All the images for inference must be placed in inference/images_infer directory**

In [2]:
def inference(path_to_directory):
    datagen = ImageDataGenerator(rescale=1. / 255)
    test_it = datagen.flow_from_directory(path_to_directory, batch_size=32, 
                                            target_size=(300, 300),class_mode='binary', shuffle=False)
    pre_tr_model_test = InceptionV3(weights='imagenet', include_top=False, input_shape=(300, 300, 3))
    test_im_features = pre_tr_model_test.predict_generator(test_it, verbose=1)
    with open('custom_model.json', 'r') as json_file:
        loaded_model = model_from_json(json_file.read())
    loaded_model.load_weights('custom_model_checkpoint.hdf5')
    predictions = loaded_model.predict_classes(test_im_features, batch_size=32, verbose=1)
    return predictions

In [3]:
#call the inference function and pass the path as argument
inference_predictions = inference('inference/')
inference_labels = []
for i in inference_predictions:
    if i[0] == 0:
        inference_labels.append('hotdog')
    else:
        inference_labels.append('not hotdog')
images_list = os.listdir('inference/images_infer')
for i in range(len(images_list)):
    print('name: {}, prediction: {}\n'.format(images_list[i], inference_labels[i]))

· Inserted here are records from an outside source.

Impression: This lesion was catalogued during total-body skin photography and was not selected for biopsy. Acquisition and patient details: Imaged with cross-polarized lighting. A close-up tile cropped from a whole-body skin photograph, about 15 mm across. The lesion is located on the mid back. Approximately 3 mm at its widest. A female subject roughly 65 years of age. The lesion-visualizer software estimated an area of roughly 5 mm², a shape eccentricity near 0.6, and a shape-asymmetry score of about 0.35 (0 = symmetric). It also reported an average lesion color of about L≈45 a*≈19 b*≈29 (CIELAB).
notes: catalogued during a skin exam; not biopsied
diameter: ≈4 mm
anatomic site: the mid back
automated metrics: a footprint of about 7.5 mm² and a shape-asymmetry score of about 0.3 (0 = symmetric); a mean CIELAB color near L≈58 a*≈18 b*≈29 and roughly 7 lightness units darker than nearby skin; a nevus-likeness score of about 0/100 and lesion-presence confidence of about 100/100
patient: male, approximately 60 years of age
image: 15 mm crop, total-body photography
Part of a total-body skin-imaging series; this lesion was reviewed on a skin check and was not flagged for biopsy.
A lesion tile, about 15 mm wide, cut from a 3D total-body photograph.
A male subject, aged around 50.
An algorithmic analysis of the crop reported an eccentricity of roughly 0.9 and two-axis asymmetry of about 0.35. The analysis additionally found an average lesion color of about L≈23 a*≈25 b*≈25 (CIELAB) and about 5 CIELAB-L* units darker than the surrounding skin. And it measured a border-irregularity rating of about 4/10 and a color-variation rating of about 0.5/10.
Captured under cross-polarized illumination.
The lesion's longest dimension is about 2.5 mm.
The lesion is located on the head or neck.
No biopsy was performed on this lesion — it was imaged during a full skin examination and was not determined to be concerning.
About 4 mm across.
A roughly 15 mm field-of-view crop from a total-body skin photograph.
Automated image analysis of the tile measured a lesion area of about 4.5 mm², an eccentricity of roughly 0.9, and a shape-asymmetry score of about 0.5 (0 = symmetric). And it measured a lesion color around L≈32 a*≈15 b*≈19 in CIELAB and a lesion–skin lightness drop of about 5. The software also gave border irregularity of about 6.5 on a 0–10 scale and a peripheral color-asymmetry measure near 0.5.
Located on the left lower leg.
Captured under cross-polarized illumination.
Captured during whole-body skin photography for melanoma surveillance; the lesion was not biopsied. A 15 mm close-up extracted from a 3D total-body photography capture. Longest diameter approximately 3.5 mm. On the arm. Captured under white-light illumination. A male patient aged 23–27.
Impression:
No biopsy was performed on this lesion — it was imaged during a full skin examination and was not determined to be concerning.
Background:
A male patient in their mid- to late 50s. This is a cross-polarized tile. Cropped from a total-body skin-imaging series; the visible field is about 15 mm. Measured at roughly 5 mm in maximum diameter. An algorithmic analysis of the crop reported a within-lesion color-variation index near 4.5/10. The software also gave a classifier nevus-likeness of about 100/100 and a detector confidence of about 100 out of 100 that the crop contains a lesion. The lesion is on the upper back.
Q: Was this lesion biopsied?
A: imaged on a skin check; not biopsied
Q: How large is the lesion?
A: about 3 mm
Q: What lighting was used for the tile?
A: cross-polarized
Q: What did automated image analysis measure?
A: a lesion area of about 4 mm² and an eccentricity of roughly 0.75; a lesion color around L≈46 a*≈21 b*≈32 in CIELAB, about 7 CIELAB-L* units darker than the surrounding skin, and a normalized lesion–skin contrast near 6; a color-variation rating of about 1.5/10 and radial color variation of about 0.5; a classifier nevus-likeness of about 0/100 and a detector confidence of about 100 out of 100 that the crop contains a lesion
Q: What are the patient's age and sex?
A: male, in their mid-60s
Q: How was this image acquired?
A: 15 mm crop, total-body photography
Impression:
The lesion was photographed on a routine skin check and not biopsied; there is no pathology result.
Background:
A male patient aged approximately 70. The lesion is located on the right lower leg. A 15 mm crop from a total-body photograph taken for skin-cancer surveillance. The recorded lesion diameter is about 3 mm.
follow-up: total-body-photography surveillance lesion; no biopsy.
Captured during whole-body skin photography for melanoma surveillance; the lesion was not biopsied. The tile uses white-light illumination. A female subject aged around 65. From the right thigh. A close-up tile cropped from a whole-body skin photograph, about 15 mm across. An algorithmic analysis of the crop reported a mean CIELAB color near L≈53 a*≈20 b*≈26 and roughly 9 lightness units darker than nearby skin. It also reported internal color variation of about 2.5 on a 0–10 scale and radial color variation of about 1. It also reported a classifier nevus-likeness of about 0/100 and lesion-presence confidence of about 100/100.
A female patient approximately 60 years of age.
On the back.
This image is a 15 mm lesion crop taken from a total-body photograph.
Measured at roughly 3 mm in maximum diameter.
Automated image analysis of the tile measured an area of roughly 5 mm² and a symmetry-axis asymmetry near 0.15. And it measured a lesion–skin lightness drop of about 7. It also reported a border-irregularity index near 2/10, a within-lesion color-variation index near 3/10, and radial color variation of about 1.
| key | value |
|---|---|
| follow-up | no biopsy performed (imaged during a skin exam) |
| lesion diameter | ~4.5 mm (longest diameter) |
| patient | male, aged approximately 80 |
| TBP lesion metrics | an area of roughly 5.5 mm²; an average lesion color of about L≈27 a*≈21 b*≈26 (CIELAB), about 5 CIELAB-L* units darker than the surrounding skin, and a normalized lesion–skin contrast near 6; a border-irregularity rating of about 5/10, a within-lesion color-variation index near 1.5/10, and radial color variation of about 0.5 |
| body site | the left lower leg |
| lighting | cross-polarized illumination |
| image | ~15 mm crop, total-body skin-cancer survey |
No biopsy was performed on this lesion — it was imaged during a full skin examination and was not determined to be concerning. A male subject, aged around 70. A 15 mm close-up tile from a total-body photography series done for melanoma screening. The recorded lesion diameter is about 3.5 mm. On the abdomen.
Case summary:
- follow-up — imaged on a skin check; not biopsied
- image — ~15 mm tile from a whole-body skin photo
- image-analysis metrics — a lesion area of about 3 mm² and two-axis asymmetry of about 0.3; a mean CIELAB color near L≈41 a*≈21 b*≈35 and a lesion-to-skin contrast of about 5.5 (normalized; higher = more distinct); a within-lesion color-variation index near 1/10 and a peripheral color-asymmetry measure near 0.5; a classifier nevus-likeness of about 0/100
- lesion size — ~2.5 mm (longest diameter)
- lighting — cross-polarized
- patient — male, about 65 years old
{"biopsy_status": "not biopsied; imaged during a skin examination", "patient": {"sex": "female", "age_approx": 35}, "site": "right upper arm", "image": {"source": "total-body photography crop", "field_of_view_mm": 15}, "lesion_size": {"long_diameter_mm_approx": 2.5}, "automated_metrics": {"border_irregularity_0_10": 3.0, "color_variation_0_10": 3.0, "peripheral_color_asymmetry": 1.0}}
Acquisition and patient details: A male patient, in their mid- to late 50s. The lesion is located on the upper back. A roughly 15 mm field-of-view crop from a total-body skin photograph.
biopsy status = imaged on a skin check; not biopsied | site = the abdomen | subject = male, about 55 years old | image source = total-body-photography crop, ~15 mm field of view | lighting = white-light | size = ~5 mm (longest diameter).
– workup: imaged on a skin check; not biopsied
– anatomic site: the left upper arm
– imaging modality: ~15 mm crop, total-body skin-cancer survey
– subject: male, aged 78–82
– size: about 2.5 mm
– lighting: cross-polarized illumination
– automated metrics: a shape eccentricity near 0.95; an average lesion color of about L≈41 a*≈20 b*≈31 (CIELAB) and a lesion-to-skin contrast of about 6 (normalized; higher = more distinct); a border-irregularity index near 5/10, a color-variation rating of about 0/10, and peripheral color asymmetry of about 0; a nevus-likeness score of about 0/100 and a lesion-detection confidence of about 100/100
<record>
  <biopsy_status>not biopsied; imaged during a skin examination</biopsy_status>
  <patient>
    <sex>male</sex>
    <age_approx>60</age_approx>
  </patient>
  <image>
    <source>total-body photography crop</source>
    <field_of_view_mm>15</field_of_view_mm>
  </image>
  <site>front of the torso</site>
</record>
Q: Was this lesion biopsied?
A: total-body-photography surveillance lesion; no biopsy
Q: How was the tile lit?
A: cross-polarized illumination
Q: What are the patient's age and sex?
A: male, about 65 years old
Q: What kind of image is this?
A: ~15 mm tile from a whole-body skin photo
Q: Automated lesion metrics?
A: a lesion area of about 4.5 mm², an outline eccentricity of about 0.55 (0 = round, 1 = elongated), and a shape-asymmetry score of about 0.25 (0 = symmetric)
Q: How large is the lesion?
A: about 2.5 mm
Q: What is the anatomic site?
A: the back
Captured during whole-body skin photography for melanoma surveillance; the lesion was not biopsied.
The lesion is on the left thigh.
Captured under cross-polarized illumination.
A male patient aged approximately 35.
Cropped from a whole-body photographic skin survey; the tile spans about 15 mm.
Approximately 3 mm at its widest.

Found 4 images belonging to 1 classes.
Instructions for updating:
Colocations handled automatically by placer.
name: best-hot-dog-fp.jpg, prediction: hotdog

name: dog.jpeg, prediction: not hotdog

name: images.jpeg, prediction: hotdog

name: plane.jpeg, prediction: not hotdog



Failures:
Initially, I tried a custom CNN model without InceptionV3 transfer learning and it resulted in poor accuracy of 73%.

Scope:
Can also implement localization(i.e. where in the image is the hot dog) and also would try training with batch size=1 to see how the training time vs accuracy trade off is(batch_size=1 trains faster as it doesn't perform gradient descent and update weights for every batch.)